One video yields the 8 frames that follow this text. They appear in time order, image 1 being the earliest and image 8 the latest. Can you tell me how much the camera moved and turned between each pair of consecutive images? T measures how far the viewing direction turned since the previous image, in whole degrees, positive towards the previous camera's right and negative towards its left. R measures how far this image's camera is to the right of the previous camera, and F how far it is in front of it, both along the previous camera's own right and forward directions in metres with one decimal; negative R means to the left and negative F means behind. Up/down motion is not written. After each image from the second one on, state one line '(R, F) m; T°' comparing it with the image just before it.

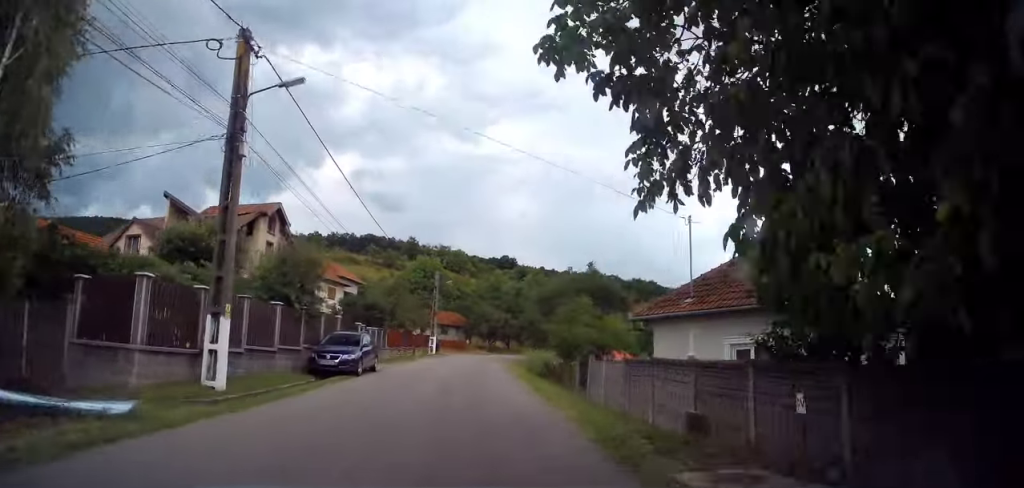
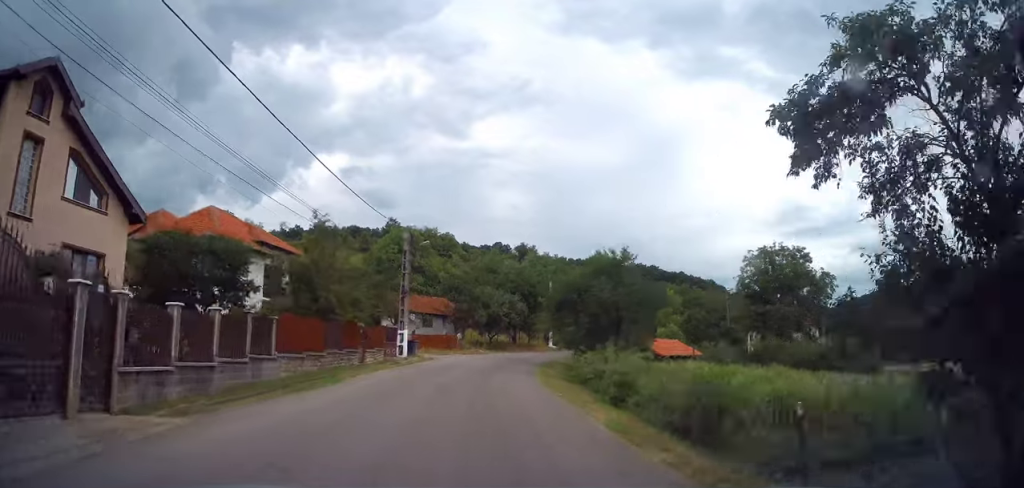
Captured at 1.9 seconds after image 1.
(-0.1, +20.5) m; 0°
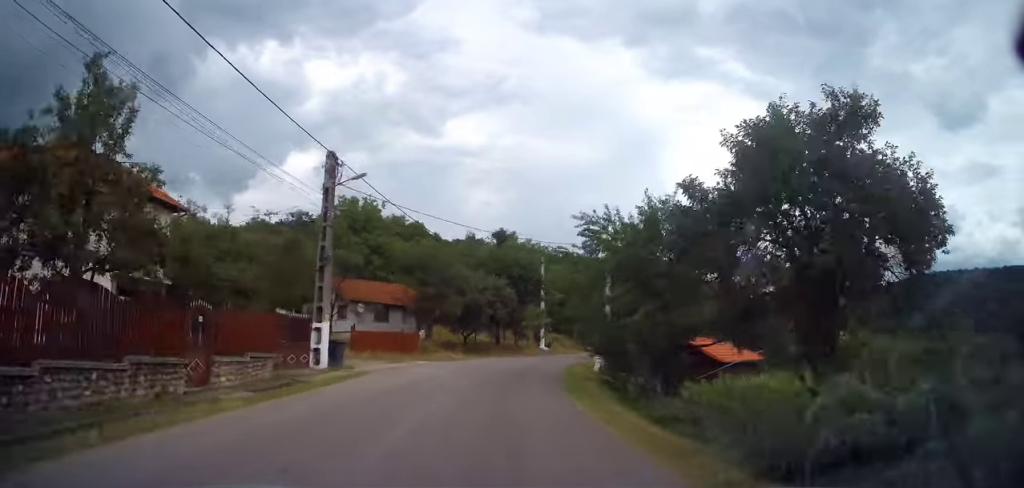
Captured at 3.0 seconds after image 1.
(+0.2, +13.9) m; +3°
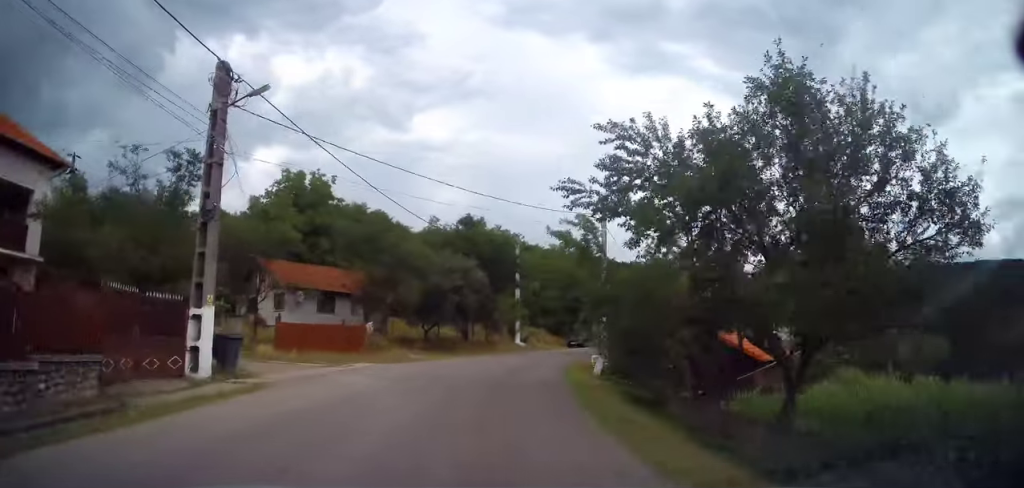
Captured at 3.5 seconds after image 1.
(+0.2, +6.8) m; +3°
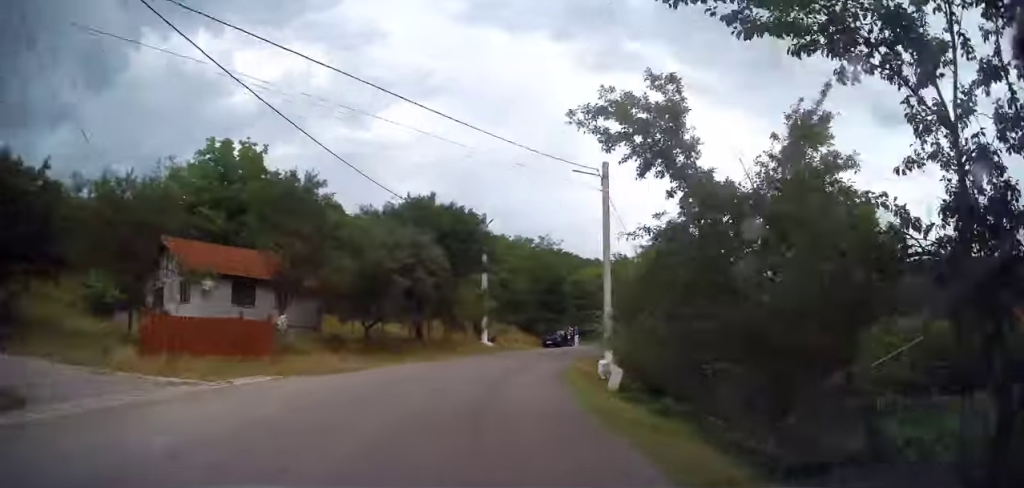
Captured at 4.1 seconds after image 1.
(0.0, +7.3) m; +3°
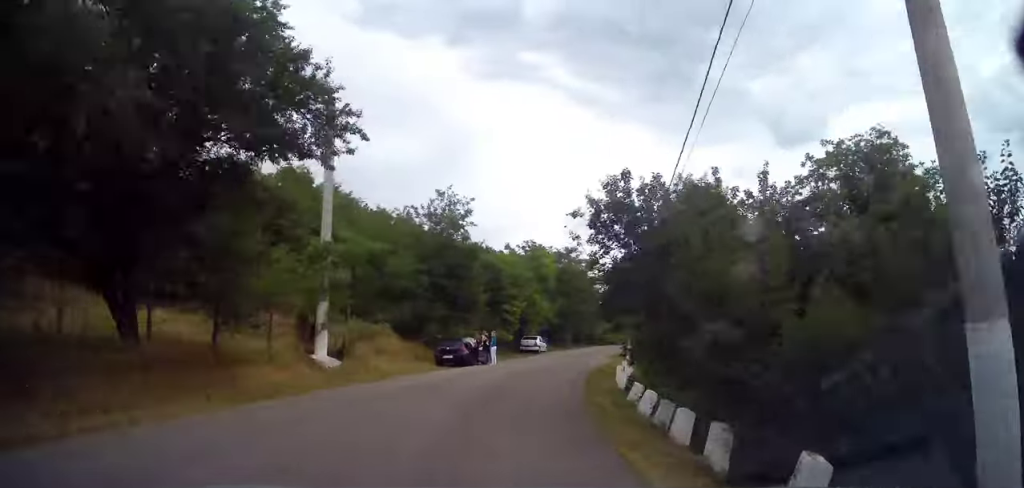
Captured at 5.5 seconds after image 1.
(+2.1, +18.1) m; +13°
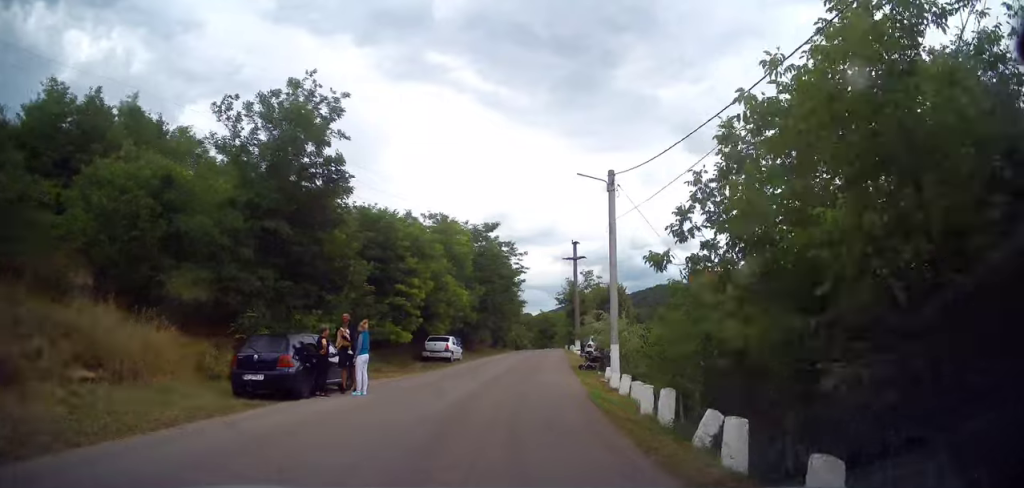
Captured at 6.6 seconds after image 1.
(+1.4, +15.0) m; +9°
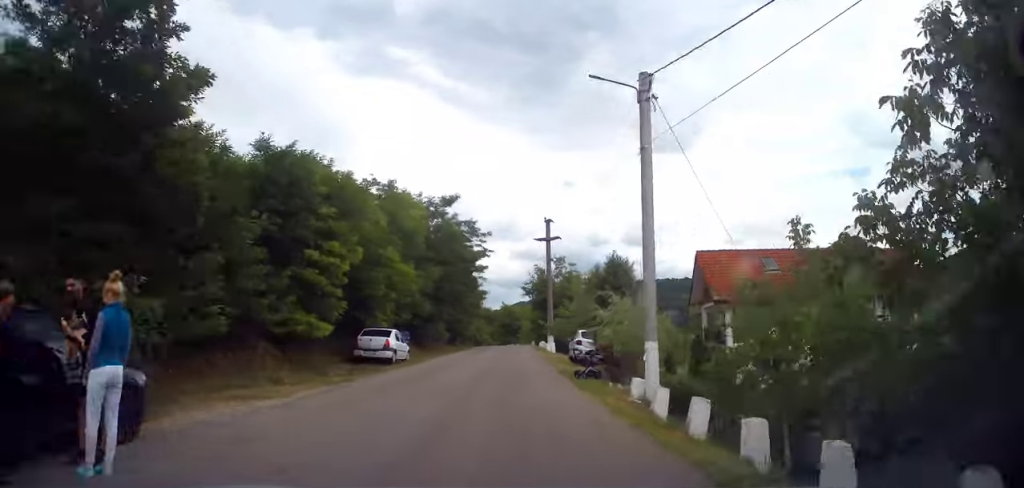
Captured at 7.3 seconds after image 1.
(+0.2, +8.6) m; +4°

**To do**
Repeat, exactly and in full, all records above, but include no pictures.

**Task solution**
One video yields the 8 frames that follow this text. They appear in time order, image 1 being the earliest and image 8 the latest. Can you tell me how much the camera moved and turned between each pair of consecutive images? T measures how far the viewing direction turned since the previous image, in whole degrees, positive towards the previous camera's right and negative towards its left. R measures how far this image's camera is to the right of the previous camera, and F how far it is in front of it, both along the previous camera's own right and forward directions in metres with one decimal; negative R means to the left and negative F means behind. Up/down motion is not written. After each image from the second one on, state one line '(R, F) m; T°' comparing it with the image just before it.

Captured at 1.9 seconds after image 1.
(-0.1, +20.5) m; 0°
Captured at 3.0 seconds after image 1.
(+0.2, +13.9) m; +3°
Captured at 3.5 seconds after image 1.
(+0.2, +6.8) m; +3°
Captured at 4.1 seconds after image 1.
(0.0, +7.3) m; +3°
Captured at 5.5 seconds after image 1.
(+2.1, +18.1) m; +13°
Captured at 6.6 seconds after image 1.
(+1.4, +15.0) m; +9°
Captured at 7.3 seconds after image 1.
(+0.2, +8.6) m; +4°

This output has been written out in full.